Speaker
Dr. Chris Dupont
Speaker's Institution
Microbial and Environmental Genomics Group, J. Craig Venter Institute
Date
20141028
Time
4:00 PM
Location
Anatomy/Zoology Building W118
Mixer Time
3:30 PM
Mixer Time
Anatomy/Zoology Building E112
Calendar (ICS) Event
Additional Information

Since 2003, the J. Craig Venter Institute has conducted a study of marine microbial communities using shotgun sequencing.  Samples have been collect from every ocean, several major inland seas, lakes, and the Amazon River.
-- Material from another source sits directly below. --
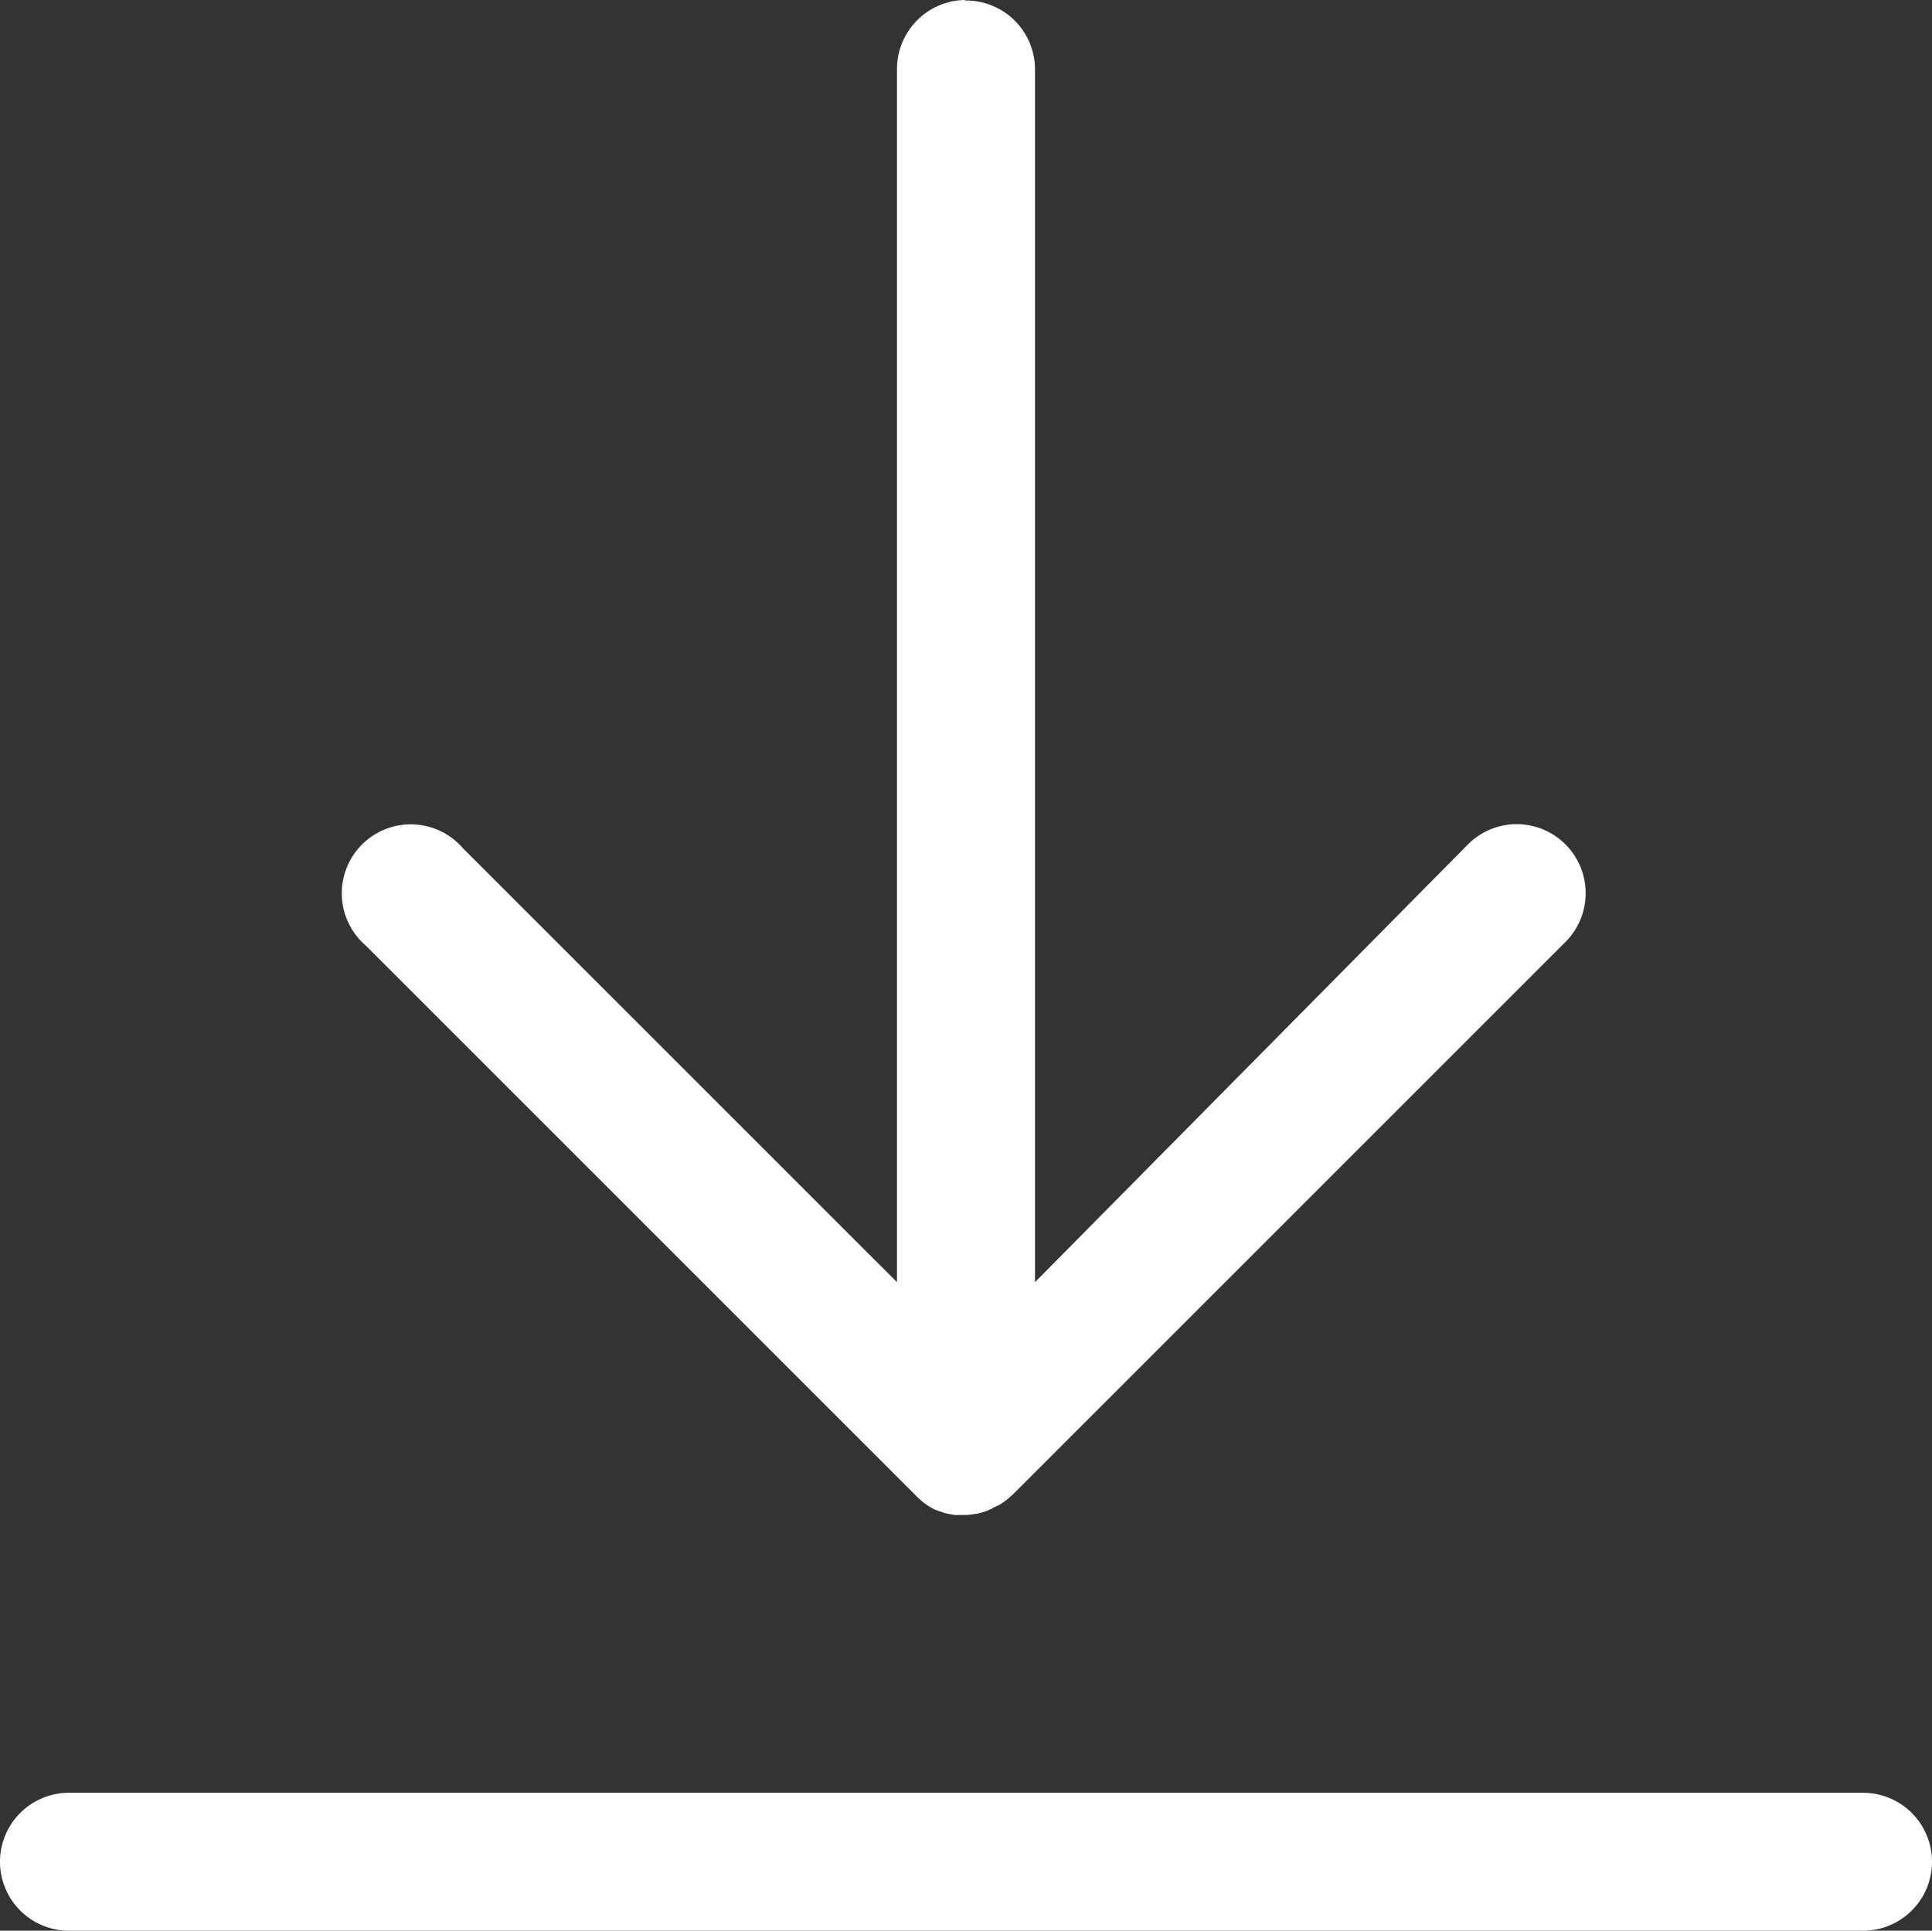 <?xml version="1.0" encoding="UTF-8"?> <svg xmlns="http://www.w3.org/2000/svg" width="23.531" height="23.518" viewBox="0 0 23.531 23.518"><rect x="0" y="0" width="23.531" height="23.518" fill="#333333" stroke="none"/><defs><style>.a{fill:#fff;}</style></defs><path class="a" d="M47.851,23.82h-.012a.84.84,0,1,0,0,1.68H69.69a.84.84,0,0,0,0-1.68H47.851Zm10.9-21.838a.841.841,0,0,0-.827.84v.013h0V17.6l-5.284-5.283A.84.84,0,1,0,51.454,13.5l6.715,6.715.009.009h0a.245.245,0,0,0,.026.023h0l.034.031,0,0,.022.016h0c.012.008.025.019.04.028h0a.29.29,0,0,0,.031.019h0l.035.02h0l.029.014.006,0,.034.015.006,0,.038.013h0l.029.011h.006a.347.347,0,0,0,.038.009h.006a.306.306,0,0,0,.035.007h0l.036.006h0a.292.292,0,0,0,.039,0h.087a.527.527,0,0,0,.075-.006h0l.056-.008h0l.046-.008h-.006l.038-.009-.006,0,.056-.016h-.006l.036-.013-.006,0,.051-.021-.006,0,.068-.034h0l.006,0,0,0,.051-.032,0,0,.035-.025,0,0c.02-.015.039-.029.055-.045h0l.006-.006c.014-.012.027-.022.039-.034l6.715-6.715a.841.841,0,0,0-.586-1.443h-.023a.842.842,0,0,0-.577.253L59.605,17.6V2.828a.84.84,0,0,0-.84-.84h-.012Z" transform="translate(-46.999 -1.982)"></path></svg>

I will present two studies emerging from this dataset.  The first examines the results of a collaborative survey with the Scripps Institution of Oceangraphy in the eastern subtropical Pacific.  Here, metagenomics and metatranscriptomics were used to examine marine microbes across gradients in light and primary productivity.  The results highlight a discordance between genomic abundance and transcriptional activity, and suggests that relatively rare, but fast growing bacteria contribute disproportionately to biogeochemical processes.  The results also suggest that a previously overlooked  class of algae, the Pelagophyceae, contribute disproportionately to nitrate reduction.  Second, I will present  a  metagenomic assembly generated from 227 surface ocean metagenome.  This assembly, 3Gbp in total including over 9000 contigs greater than 30kbp in length, provides core and pan genomes for roughly 85% of the taxa found in the ocean, the vast majority of which are still uncultivated.  Multivariate analyses identify the environmental variables, specifically temperature and chlorophyll a, that drive differentiation within these uncultivated lineages and between communities.  Finally, select metabolic insights into what was previously biological dark matter will be presented.